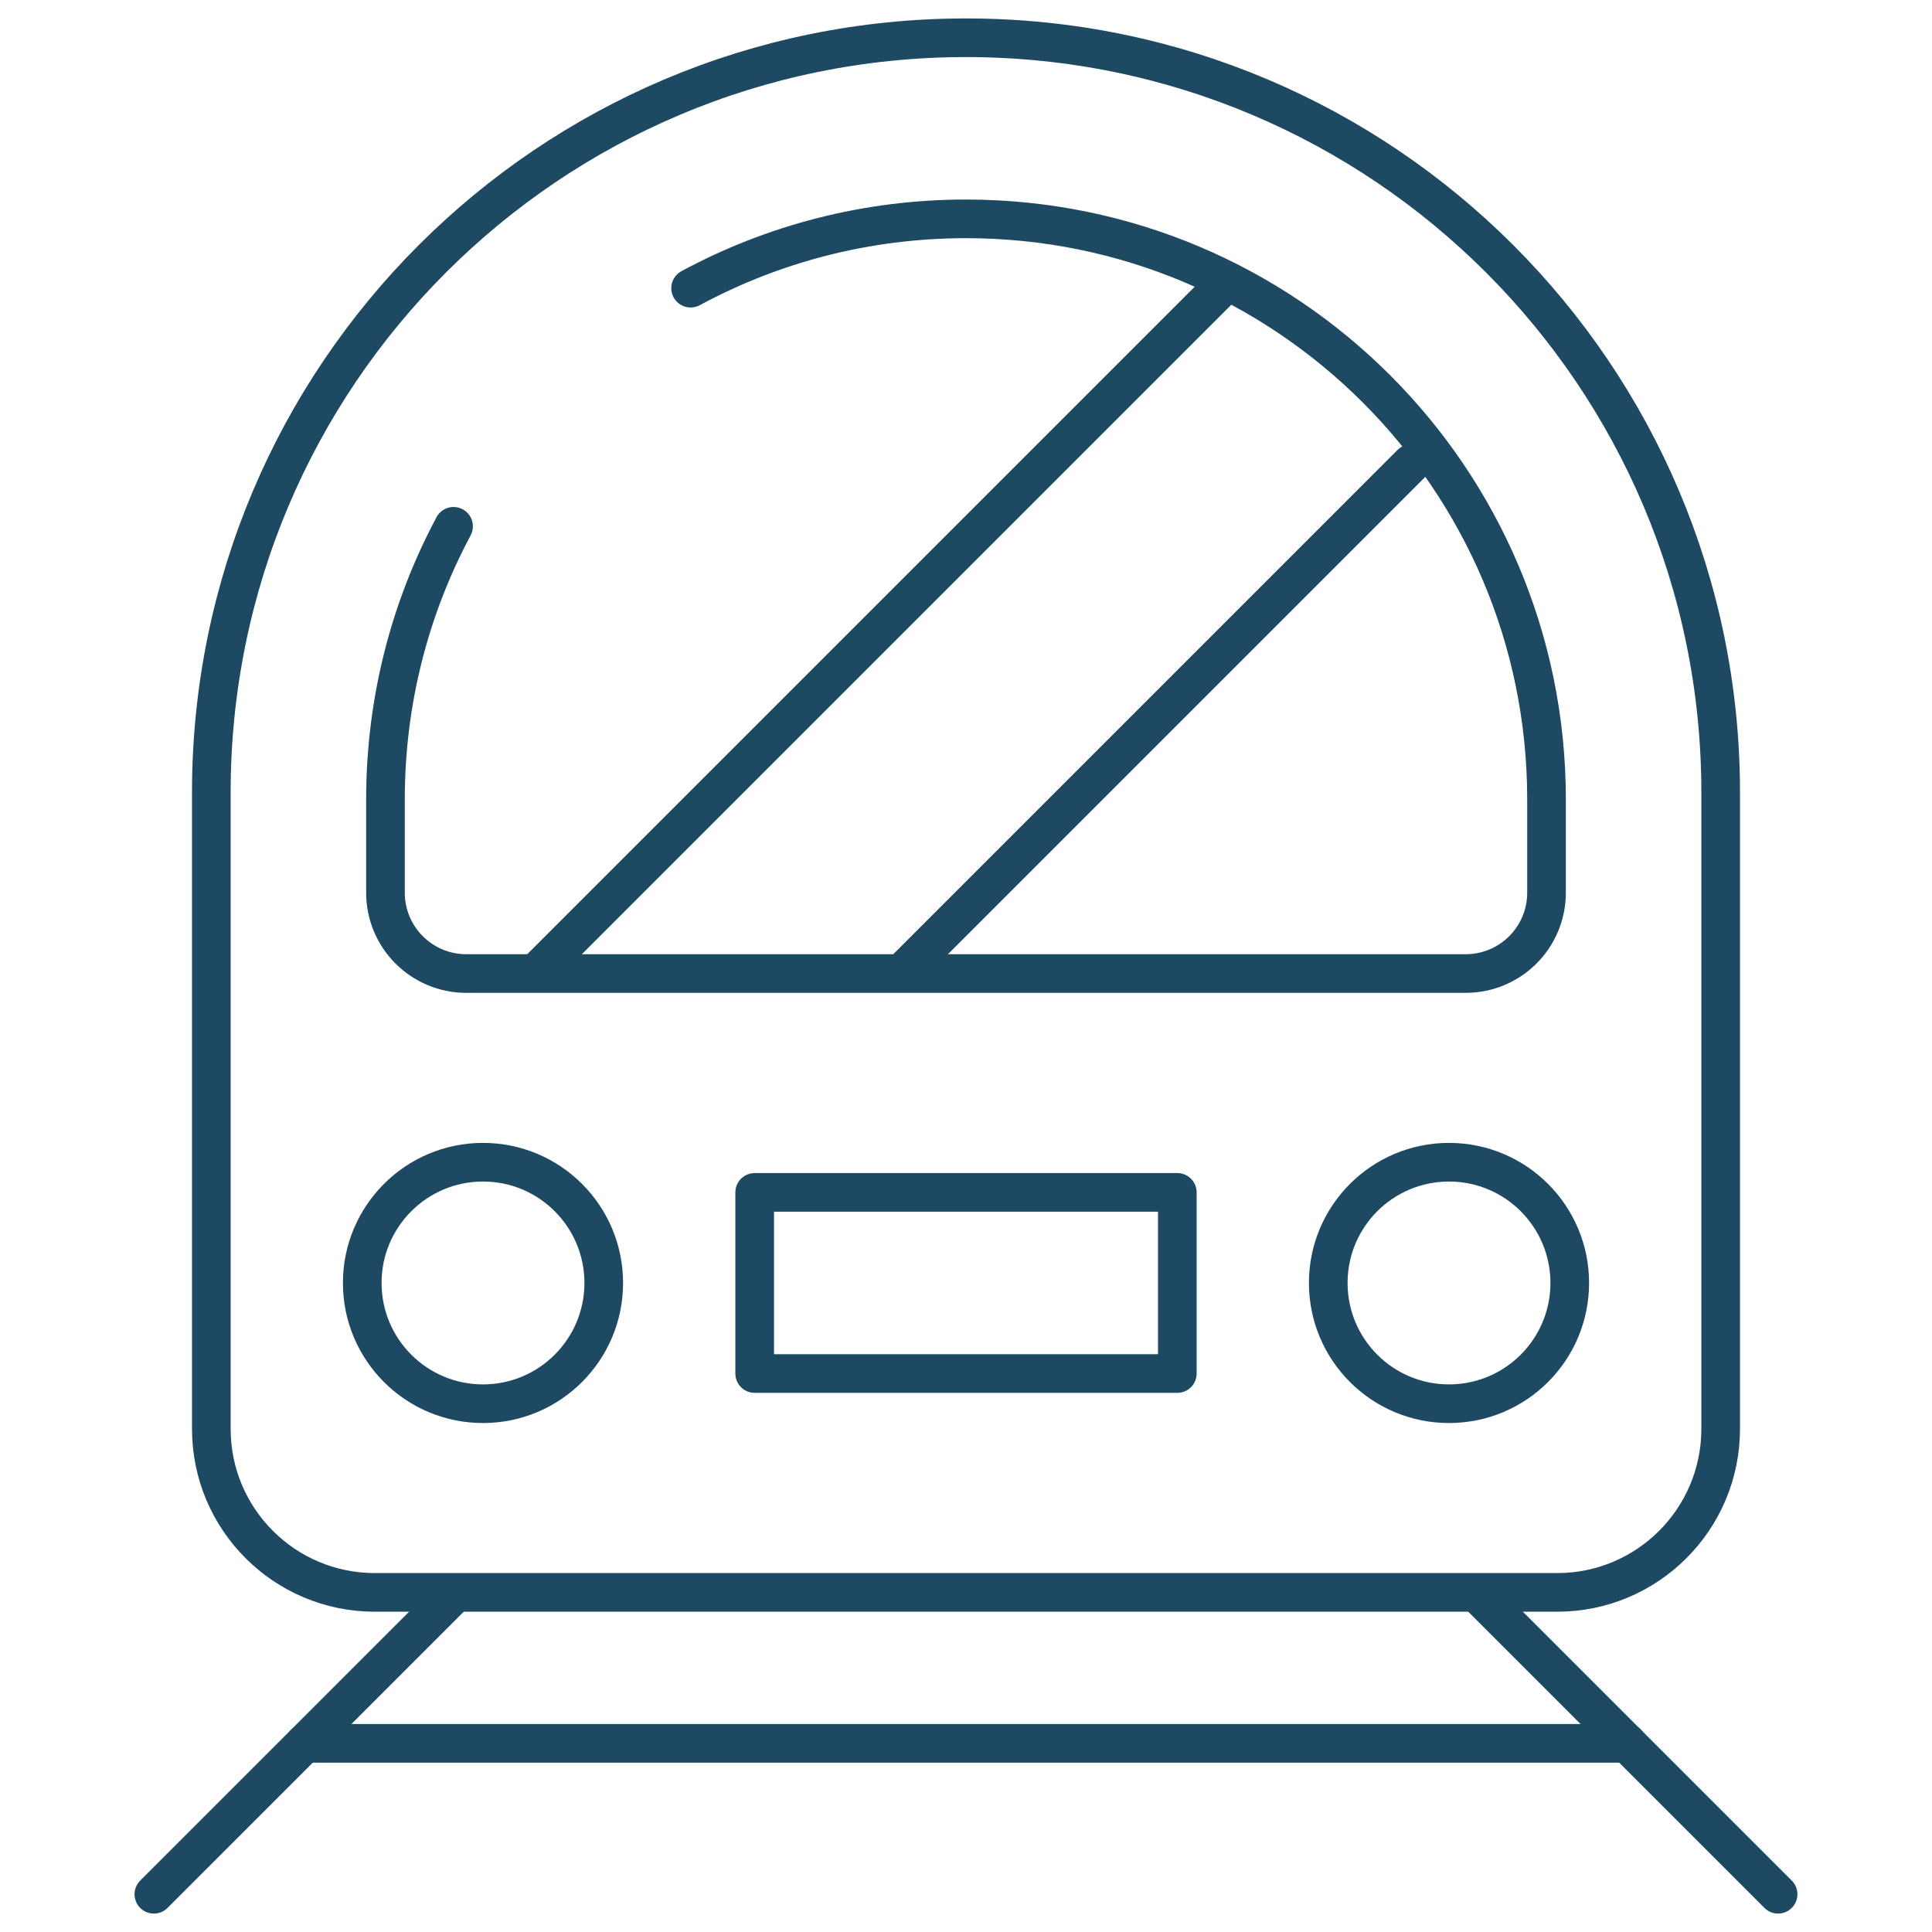 <svg width="50" height="50" viewBox="0 0 50 50" fill="none" xmlns="http://www.w3.org/2000/svg">
<mask id="mask0_75_196" style="mask-type:luminance" maskUnits="userSpaceOnUse" x="0" y="0" width="50" height="50">
<path d="M0 3.8147e-06H50V50H0V3.8147e-06Z" fill="white"/>
</mask>
<g mask="url(#mask0_75_196)">
<path d="M25 0.977C14.213 0.977 5.469 9.721 5.469 20.508V36.979C5.469 39.316 7.363 41.211 9.7 41.211H40.299C42.637 41.211 44.531 39.316 44.531 36.979V20.508C44.531 9.721 35.787 0.977 25 0.977Z" stroke="#1D4962" stroke-miterlimit="10" stroke-linecap="round" stroke-linejoin="round"/>
<path d="M11.738 13.621C10.613 15.727 9.976 18.133 9.976 20.688V23.103C9.976 24.259 10.912 25.195 12.068 25.195H37.931C39.087 25.195 40.024 24.259 40.024 23.103V20.688C40.024 12.39 33.297 5.664 25 5.664C22.421 5.664 19.994 6.314 17.873 7.458" stroke="#1D4962" stroke-miterlimit="10" stroke-linecap="round" stroke-linejoin="round"/>
<path d="M15.625 33.203C15.625 34.929 14.226 36.328 12.5 36.328C10.774 36.328 9.375 34.929 9.375 33.203C9.375 31.477 10.774 30.078 12.5 30.078C14.226 30.078 15.625 31.477 15.625 33.203Z" stroke="#1D4962" stroke-miterlimit="10" stroke-linecap="round" stroke-linejoin="round"/>
<path d="M34.375 33.203C34.375 34.929 35.774 36.328 37.5 36.328C39.226 36.328 40.625 34.929 40.625 33.203C40.625 31.477 39.226 30.078 37.5 30.078C35.774 30.078 34.375 31.477 34.375 33.203Z" stroke="#1D4962" stroke-miterlimit="10" stroke-linecap="round" stroke-linejoin="round"/>
<path d="M30.469 35.547H19.531V30.859H30.469V35.547Z" stroke="#1D4962" stroke-miterlimit="10" stroke-linecap="round" stroke-linejoin="round"/>
<path d="M3.982 49.023L11.743 41.263" stroke="#1D4962" stroke-miterlimit="10" stroke-linecap="round" stroke-linejoin="round"/>
<path d="M46.017 49.023L38.257 41.263" stroke="#1D4962" stroke-miterlimit="10" stroke-linecap="round" stroke-linejoin="round"/>
<path d="M7.889 45.117H42.111" stroke="#1D4962" stroke-miterlimit="10" stroke-linecap="round" stroke-linejoin="round"/>
<path d="M31.705 7.341L14.029 25.017" stroke="#1D4962" stroke-miterlimit="10" stroke-linecap="round" stroke-linejoin="round"/>
<path d="M36.524 11.996L23.503 25.017" stroke="#1D4962" stroke-miterlimit="10" stroke-linecap="round" stroke-linejoin="round"/>
</g>
</svg>

• Exercise
Your job is to copy out every line from the records above that has the word "mask".

• Task result
<mask id="mask0_75_196" style="mask-type:luminance" maskUnits="userSpaceOnUse" x="0" y="0" width="50" height="50">
</mask>
<g mask="url(#mask0_75_196)">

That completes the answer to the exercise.